> **Task statement**: Pull every line that holds the word "height" from the entries.
# # # # # # #
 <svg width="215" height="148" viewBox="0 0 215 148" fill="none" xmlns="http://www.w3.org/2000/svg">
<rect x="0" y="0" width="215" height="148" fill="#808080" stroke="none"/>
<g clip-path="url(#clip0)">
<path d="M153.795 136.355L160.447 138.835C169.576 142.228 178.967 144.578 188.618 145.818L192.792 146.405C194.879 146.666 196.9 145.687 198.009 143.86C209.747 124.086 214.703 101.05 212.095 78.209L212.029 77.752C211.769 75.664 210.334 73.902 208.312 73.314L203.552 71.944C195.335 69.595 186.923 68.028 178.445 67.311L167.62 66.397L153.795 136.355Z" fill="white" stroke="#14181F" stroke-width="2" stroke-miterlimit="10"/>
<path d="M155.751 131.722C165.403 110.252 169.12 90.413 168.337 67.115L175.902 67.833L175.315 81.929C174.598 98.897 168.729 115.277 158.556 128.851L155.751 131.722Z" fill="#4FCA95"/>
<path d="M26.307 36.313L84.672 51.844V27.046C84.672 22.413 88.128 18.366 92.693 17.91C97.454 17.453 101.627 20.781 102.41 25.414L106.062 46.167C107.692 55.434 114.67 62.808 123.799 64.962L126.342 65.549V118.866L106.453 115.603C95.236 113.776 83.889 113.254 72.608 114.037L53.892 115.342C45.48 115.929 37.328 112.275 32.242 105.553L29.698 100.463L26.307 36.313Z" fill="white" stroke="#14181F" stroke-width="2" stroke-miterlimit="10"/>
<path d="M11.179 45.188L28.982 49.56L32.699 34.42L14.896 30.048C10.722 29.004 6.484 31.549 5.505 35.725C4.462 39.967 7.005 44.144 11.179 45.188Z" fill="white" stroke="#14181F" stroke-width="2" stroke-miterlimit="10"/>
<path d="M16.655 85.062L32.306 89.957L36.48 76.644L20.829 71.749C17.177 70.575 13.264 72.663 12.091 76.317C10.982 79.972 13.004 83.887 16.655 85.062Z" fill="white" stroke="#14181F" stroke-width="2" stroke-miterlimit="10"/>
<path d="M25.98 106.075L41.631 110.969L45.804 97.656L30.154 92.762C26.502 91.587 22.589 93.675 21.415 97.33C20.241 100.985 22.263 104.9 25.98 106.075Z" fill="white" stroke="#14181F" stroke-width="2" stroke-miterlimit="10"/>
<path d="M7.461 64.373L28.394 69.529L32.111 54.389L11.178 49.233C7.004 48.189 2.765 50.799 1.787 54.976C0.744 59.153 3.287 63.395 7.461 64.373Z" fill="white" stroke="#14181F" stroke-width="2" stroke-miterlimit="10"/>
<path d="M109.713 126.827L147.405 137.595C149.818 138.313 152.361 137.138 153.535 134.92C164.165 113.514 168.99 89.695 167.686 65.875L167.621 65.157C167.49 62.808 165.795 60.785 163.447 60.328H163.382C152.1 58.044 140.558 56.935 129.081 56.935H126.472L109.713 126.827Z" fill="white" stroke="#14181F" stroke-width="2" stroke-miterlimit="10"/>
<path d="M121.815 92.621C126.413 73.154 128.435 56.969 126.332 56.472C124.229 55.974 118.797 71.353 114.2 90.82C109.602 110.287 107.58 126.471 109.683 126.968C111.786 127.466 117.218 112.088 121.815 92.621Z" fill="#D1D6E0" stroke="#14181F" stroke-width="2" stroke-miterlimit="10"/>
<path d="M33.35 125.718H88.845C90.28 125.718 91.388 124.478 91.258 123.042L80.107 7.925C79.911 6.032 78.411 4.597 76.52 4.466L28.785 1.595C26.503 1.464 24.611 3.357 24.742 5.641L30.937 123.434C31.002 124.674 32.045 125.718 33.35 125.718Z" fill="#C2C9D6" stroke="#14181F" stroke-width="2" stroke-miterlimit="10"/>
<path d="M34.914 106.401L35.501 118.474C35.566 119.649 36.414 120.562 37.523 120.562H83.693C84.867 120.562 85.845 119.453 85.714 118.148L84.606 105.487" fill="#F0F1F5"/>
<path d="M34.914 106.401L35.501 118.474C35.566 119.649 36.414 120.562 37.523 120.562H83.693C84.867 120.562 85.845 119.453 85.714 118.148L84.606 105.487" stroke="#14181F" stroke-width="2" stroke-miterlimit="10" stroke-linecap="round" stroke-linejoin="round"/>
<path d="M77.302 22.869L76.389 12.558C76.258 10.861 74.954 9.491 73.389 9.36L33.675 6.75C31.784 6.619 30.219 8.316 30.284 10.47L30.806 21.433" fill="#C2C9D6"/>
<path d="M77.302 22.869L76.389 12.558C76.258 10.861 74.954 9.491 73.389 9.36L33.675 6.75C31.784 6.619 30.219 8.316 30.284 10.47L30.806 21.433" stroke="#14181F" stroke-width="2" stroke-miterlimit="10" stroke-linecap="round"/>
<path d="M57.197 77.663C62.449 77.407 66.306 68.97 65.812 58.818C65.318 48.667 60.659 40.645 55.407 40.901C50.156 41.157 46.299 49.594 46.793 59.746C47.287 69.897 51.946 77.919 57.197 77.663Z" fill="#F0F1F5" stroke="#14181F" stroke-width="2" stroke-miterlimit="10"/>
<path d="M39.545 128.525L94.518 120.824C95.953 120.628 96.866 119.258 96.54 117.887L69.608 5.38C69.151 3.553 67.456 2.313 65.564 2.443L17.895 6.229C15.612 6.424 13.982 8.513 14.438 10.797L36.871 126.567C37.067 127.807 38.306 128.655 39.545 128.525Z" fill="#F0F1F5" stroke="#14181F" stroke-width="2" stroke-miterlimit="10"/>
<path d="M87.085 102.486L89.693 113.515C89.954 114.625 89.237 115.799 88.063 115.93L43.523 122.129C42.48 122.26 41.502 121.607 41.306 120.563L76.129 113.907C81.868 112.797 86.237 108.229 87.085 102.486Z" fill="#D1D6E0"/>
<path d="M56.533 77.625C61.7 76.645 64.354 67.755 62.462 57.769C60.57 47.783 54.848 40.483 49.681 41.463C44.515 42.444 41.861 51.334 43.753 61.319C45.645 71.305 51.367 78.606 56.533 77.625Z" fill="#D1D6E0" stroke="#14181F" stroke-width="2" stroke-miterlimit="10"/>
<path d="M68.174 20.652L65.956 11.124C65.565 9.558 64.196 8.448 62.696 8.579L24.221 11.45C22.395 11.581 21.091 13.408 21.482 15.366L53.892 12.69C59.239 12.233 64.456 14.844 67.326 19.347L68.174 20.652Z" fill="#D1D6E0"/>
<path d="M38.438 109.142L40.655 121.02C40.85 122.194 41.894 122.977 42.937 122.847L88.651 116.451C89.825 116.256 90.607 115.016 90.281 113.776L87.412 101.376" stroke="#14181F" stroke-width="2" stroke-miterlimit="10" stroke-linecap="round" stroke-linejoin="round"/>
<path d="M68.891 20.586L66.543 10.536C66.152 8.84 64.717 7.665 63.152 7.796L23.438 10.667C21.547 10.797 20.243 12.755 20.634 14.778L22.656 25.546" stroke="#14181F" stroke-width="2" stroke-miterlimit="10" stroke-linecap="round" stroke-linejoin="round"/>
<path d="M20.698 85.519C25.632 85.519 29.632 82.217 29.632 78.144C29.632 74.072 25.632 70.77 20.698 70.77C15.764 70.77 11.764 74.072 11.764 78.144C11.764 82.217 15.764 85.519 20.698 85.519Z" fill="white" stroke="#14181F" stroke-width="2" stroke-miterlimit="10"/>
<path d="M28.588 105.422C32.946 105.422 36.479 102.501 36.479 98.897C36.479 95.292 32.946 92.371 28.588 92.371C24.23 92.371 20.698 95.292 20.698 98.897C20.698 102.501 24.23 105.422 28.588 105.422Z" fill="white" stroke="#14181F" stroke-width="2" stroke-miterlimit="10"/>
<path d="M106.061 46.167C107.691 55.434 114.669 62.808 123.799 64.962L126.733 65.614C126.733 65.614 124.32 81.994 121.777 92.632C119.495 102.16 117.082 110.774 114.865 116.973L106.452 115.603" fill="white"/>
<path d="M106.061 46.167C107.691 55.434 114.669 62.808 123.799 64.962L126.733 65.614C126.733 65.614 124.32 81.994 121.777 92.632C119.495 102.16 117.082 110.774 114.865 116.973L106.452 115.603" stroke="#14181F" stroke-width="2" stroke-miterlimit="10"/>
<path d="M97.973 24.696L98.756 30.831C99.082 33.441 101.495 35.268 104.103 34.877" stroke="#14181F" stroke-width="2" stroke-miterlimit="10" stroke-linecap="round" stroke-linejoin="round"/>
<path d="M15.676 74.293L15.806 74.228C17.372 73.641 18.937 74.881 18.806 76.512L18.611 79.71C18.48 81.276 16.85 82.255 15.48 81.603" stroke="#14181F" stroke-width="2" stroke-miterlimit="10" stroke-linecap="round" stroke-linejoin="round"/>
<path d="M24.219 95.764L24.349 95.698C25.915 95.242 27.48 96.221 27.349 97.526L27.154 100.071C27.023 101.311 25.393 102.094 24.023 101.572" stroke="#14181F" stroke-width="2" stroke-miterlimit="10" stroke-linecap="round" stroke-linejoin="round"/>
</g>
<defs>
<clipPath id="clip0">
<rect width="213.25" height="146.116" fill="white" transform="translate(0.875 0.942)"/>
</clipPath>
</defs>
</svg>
# # # # # # #
> **Written answer**:
 <svg width="215" height="148" viewBox="0 0 215 148" fill="none" xmlns="http://www.w3.org/2000/svg">
<rect x="0" y="0" width="215" height="148" fill="#808080" stroke="none"/>
<rect width="213.25" height="146.116" fill="white" transform="translate(0.875 0.942)"/>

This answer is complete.